There is only one place the 0 can go, once 20a is solved. Now have 20a, 1a, 3d, 17d, 18d and partial,answers to 16a and 12d. Can't see how to work
out the other answers. Hint appreciated.

You need to look at 16a and 5d in tandem and see which possible combinations give you a viable set of coded numbers in conjunction with completing the top and bottom rows.

Thanks again cruciverbalist. Unfortunately I seem to have made an error somewhere. Maybe now is the time to give up and wait for tomorrow's offering.

I'm really stuck on this one and haven't made any progress since Friday. If I list my reasoning so far, perhaps someone could point out the flaws in it.

First, there seems to be only one possible answer for 20a, and only one possible grid entry for 1a that ensures both entries are squares and all entries in the grid are unique.

Then, obviously we have the clue answers for 3d and 16d, and it is clear that 0 is the second digit of 19a. By multiplying all numbers of the form _3 by _8, to find the answer for 20a, there seems to be a unique solution for 17d (and clue answer for 20a), determinable without filling in any more of the puzzle.

Because 12d is the square of 1d, its last digit must be either 0 or 1, and since 16a is a multiple of 5d, I determined it must be 0. At this point I have the (apparently incorrect) permutation of all digits.

Now here's the problem; the last digit of the answer for the 9d clue answer is clearly 0 and it follows that the first digit of the answer for 7d is 0 doubly encrypted, which completes the grid entry for 6a, giving an answer which is not 12d plus a square.

I'm sorry if this is a bit vague. I didn't want to give too much away.

I’d like to help, xmogg, but I’m not even sure about 20a. My reasoning, such as it is, is this: suppose the entry for 20a (which is a square) is ABC, then if the entry for 1a (which is also a square) is DEF, we know that A encodes to D, B to E, and C to F. We also know that A, B, C, D, E, and F are all different. The clue to 3d is the square root of ABC, which is, let us say, GH encodes to FI because of the overlap of 1a and 3d. The middle digit of the entry for 20a, B, must be the encoding of an even number (from the clue to 15d). The final digit of the entry for 20a, C, is also the final digit of the entry for 18d, which is JC and we know that C encodes to J and J to C. However, I can’t see the additional constraint(s) that enable(s) a breakthrough to be made.
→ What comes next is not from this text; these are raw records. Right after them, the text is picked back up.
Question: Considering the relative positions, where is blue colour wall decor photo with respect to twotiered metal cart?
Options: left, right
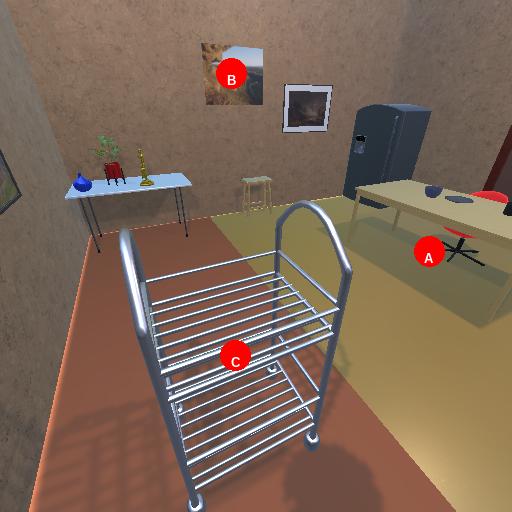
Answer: left
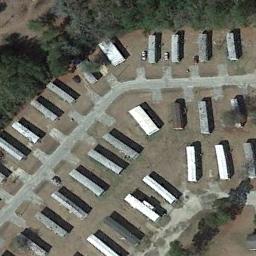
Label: mobile_home_park
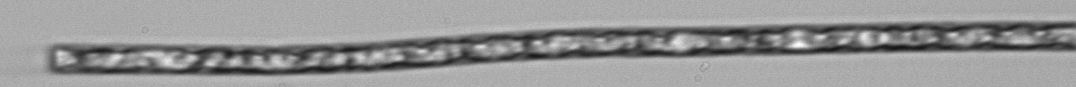
Label: Guinardia_delicatula
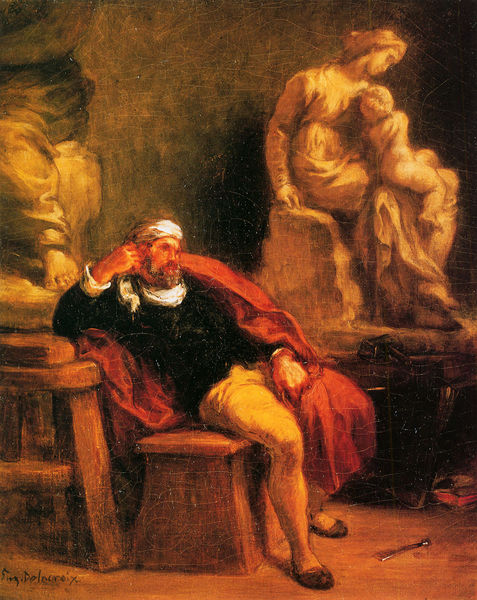
Titel: Michelangelo in seiner Werkstatt
Künstler: Eugène Delacroix
Institution: Montpellier, Musée Fabre
Schlagwörter: dunkel, fuß, gemälde, himmel, mann, nackt, umhang, weiß, gelb, ocker, sitzen, braun, frau, hell, hintergrund, holz, marmor, schwarz, stuhl, tisch, rot, schal, bart, arm, falten, stirnband, signatur, öl, boden, gewand, mantel, sitzend, kind, engel, skulptur, statue, bein, modell, schuhe, risse, farbe, baby, bank, füsse, hocker, schemel, lehnen, kopftuch, grimmig, atelier, maler, podest, warten, denkend, buch, künstler, selbstbildnis, denker, pinsel, selbstportrait, werkstatt, jesus, maria, madonna, mutter gottes, turban, figru, bildhauer, delacroix, lümmeln, felb, signator, ruban, tischbank
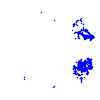
Particle: kaon
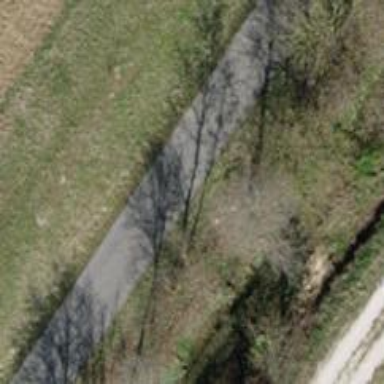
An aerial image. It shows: Paved cycleway with grade1 tracktype.
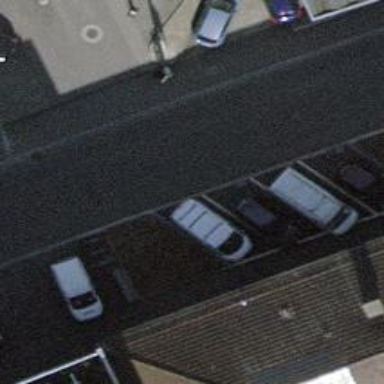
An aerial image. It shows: Bicycle parking area with stands available.

Consideration of the squares leads me to suppose that it’s these clues/entries that permit a start (and a number of other helpful postings say as much), but I’m firmly stuck.
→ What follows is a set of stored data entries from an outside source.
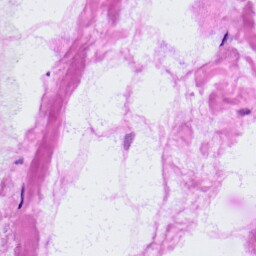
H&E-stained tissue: LymphNode
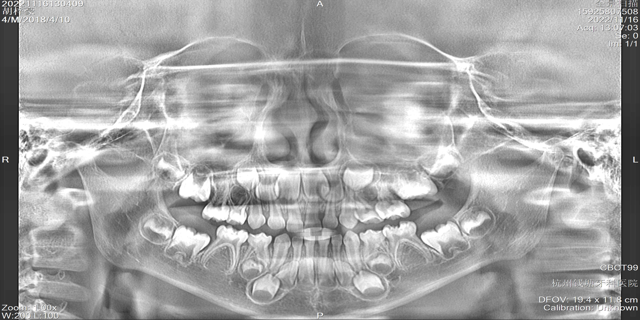
child
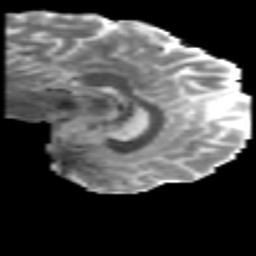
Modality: MD
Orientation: sagittal
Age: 31
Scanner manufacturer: philips
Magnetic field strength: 3 T
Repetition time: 8.6 s
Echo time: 0.127 s
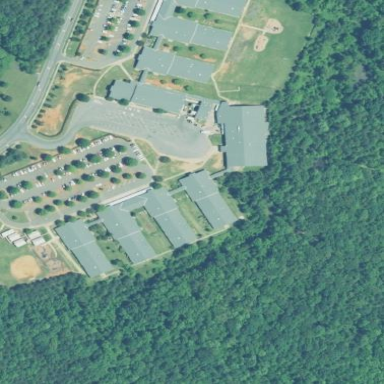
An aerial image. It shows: School.
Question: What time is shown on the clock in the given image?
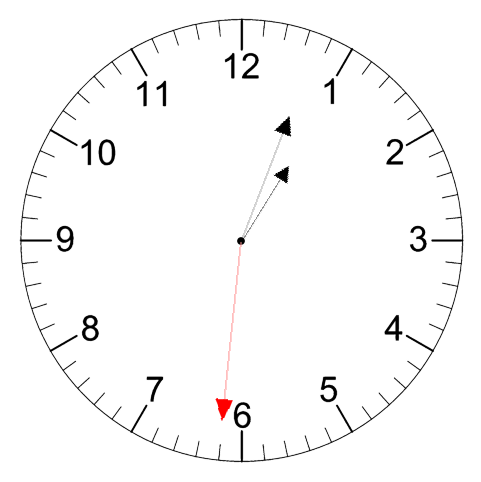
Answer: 01:03:31
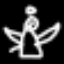
Label: angel
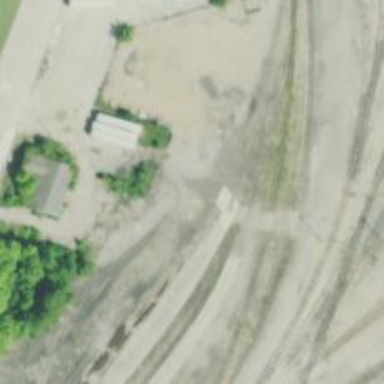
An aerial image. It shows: Abandoned railway yard.
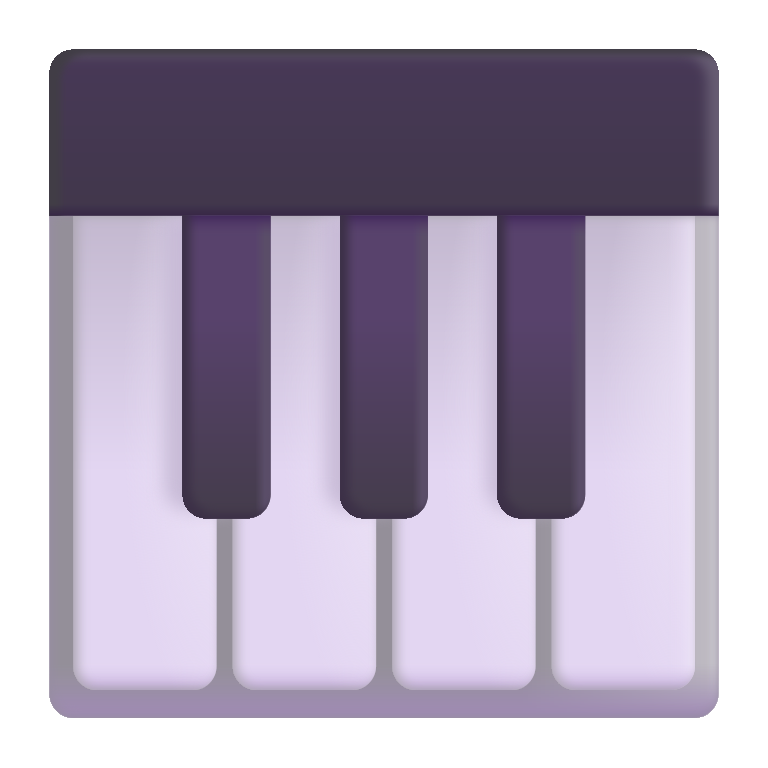
musical keyboard color
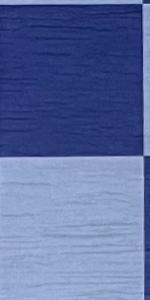
Label: Empty
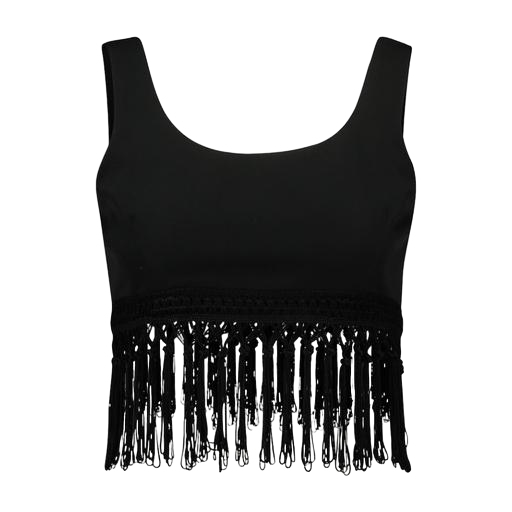
black fringe crop top, black fringed top, black crop top, white background
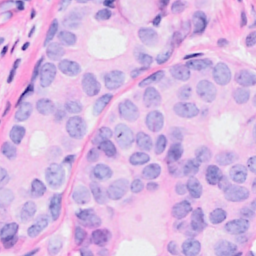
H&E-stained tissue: Breast
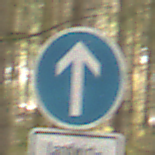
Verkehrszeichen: VorgeschriebeneFahrtrichtungGeradeaus
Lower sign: BesondereFahrzeugeUndTransportgueter6
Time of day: MorningAfternoon
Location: Outdoor (Nature)
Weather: Overcast
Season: Winter
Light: Natural
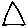
Label: triangle

I'm sorry to hear that Tina - if you want to drop me another e-mail with your grid fill to date I'm happy to tell you where the error is.
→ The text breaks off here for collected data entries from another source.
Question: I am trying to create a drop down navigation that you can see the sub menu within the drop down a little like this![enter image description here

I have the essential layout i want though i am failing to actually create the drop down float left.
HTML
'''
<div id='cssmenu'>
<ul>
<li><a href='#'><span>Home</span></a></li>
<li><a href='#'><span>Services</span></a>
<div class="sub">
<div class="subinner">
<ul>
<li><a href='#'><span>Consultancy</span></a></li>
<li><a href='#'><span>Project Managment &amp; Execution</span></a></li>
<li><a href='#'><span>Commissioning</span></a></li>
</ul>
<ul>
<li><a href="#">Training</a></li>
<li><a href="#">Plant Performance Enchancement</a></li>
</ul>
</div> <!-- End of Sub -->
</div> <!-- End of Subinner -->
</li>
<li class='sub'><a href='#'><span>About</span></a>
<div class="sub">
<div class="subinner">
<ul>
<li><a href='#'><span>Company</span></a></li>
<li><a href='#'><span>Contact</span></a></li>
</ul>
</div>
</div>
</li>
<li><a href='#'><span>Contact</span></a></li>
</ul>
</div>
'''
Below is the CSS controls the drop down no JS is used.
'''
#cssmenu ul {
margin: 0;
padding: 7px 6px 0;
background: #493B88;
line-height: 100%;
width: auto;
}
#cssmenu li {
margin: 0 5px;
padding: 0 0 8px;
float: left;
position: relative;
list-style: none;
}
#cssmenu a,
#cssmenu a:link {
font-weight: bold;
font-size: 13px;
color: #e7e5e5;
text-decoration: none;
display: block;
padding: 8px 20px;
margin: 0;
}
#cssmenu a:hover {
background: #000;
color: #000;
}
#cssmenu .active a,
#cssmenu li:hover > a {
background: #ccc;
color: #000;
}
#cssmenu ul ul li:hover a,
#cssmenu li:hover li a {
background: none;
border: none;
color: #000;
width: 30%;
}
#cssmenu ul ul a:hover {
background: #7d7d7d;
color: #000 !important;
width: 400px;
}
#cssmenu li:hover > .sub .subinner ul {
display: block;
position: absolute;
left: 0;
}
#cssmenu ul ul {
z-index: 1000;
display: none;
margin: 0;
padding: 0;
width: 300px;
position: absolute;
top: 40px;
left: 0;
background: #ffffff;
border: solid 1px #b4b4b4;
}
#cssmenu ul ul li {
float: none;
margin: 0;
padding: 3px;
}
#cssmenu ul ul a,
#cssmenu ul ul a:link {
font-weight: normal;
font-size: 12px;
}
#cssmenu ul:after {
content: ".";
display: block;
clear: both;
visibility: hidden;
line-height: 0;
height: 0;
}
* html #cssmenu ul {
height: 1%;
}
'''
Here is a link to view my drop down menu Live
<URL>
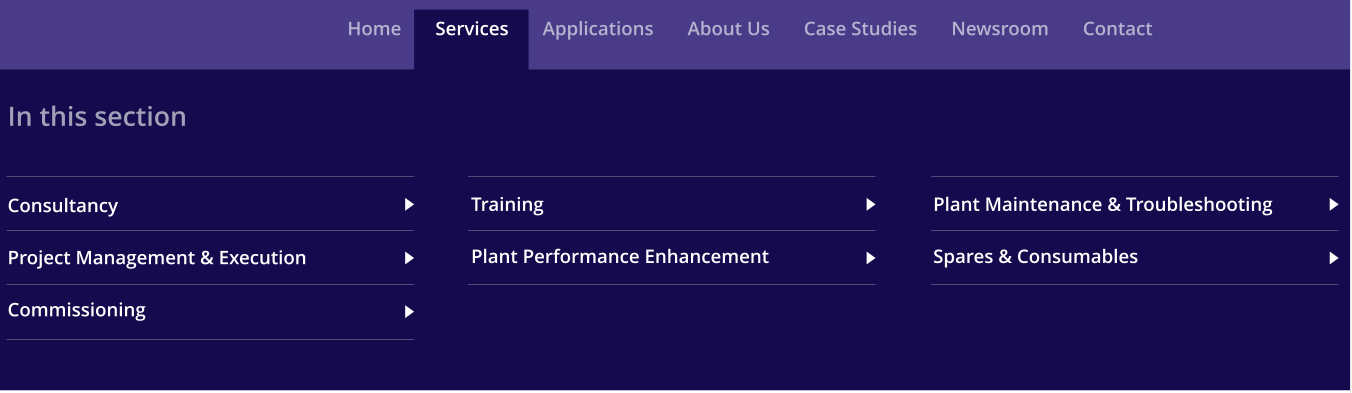
Answer: I have spent 2-3 hours to get this result, i hope it is what you need.
By the way, I would avoid using position:something so often.
It seems a responsive one, did you like the result?
'''
body{
margin: 0;
}
#cssmenu ul {
margin: 0;
}
#cssmenu ul > li {
margin: 0 5px;
padding: 0 0 8px;
float: left;
list-style: none;
}
#cssmenu ul > ul li {
margin: 0 5px;
padding: 0 0 8px;
float: none;
list-style: none;
}
#cssmenu a,
#cssmenu a:link {
font-weight: bold;
font-size: 13px;
color: #e7e5e5;
text-decoration: none;
display: block;
padding: 8px 20px;
margin: 0;
}
#cssmenu a:hover {
background: #000;
color: #000;
}
#cssmenu .active a,
#cssmenu li:hover > a {
background: #ccc;
color: #000;
}
#cssmenu ul ul li:hover a,
#cssmenu li:hover li a {
background: none;
border: none;
color: #000;
}
#cssmenu ul ul a:hover {
background: #7d7d7d;
color: #000 !important;
}
#cssmenu li:hover > .sub .subinner ul {
display: block;
}
#cssmenu ul ul {
z-index: 1000;
display: none;
margin: 0;
padding: 0;
background: #ffffff;
border-bottom: solid 1px #b4b4b4;
border-top: solid 1px #b4b4b4;
}
#cssmenu ul ul li {
float: left;
margin: 0;
padding: 3px;
}
#cssmenu li:nth-child(2) ul ul li {
float: none;
margin: 0;
padding: 3px;
}
#cssmenu li:nth-child(2) ul ul li a{
border-bottom: 1px solid #B4B4B4;
}
#cssmenu ul ul a,
#cssmenu ul ul a:link {
font-weight: normal;
font-size: 12px;
}
#cssmenu ul:after {
content: ".";
display: block;
clear: both;
visibility: hidden;
line-height: 0;
height: 0;
}
* html #cssmenu ul {
height: 1%;
}
#cssmenu ul li:nth-child(2) .subinner{
top: 47px;
position: absolute;
left: 0px;
width: 100%;
}
#cssmenu ul li:nth-child(3) .subinner{
top: 47px;
position: absolute;
left: 0px;
width: 100%;
}
#cssmenu{
margin: 0px;
padding: 7px 6px 0px;
background: #493B88 none repeat scroll 0% 0%;
line-height: 100%;
width: auto;
height: 40px;
}
#cssmenu li:nth-child(2):hover > .sub .subinner ul {
width: 100%;
}
#cssmenu li:hover > .sub .subinner ul {
width: 100%;
}
#cssmenu .subinner ul ul{
float: left;
width: 33% !important;
border: none;
}
'''
'''
<div id='cssmenu'>
<ul>
<li><a href='#'><span>Home</span></a></li>
<li><a href='#'><span>Services</span></a>
<div class="sub">
<div class="subinner">
<ul>
<ul>
<li><a href='#'><span>Consultancy</span></a></li>
<li><a href='#'><span>Project Managment &amp; Execution</span></a></li>
</ul>
<ul>
<li><a href='#'><span>Commissioning</span></a></li>
<li><a href="#"><span>Training</span></a></li>
<li><a href="#"><span>Plant Performance Enchancement</span></a></li>
</ul>
<ul>
<li><a href='#'><span>Something</span></a></li>
<li><a href='#'><span>Something</span></a></li>
</ul>
</ul>
</div> <!-- End of Sub -->
</div> <!-- End of Subinner -->
</li>
<li class='sub'><a href='#'><span>About</span></a>
<div class="sub">
<div class="subinner">
<ul>
<li><a href='#'><span>Company</span></a></li>
<li><a href='#'><span>Contact</span></a></li>
</ul>
</div>
</div>
</li>
<li><a href='#'><span>Contact</span></a></li>
</ul>
</div>
'''

(That offer is open to all btw:

cruciverbalist@btinternet.com)

"since 16a is a multiple of 5d, I determined it must be 0"

This is where your logic breaks down xmogg - try the alternative instead.

"The final digit of the entry for 20a, C, is also the final digit of the entry for 18d, which is JC and we know that C encodes to J and J to C"

In fact Carpox1, we know that C encodes to F (and therefore from 18d F encodes to C). This means that the last digit of the grid entry at 20a is the same as the first digit of its square root. There is only one 3-digit square with non-repeating digits that fulfils this requirement.

Thank you, cruciverbalist, that's just what I needed to get started. I'm most grateful.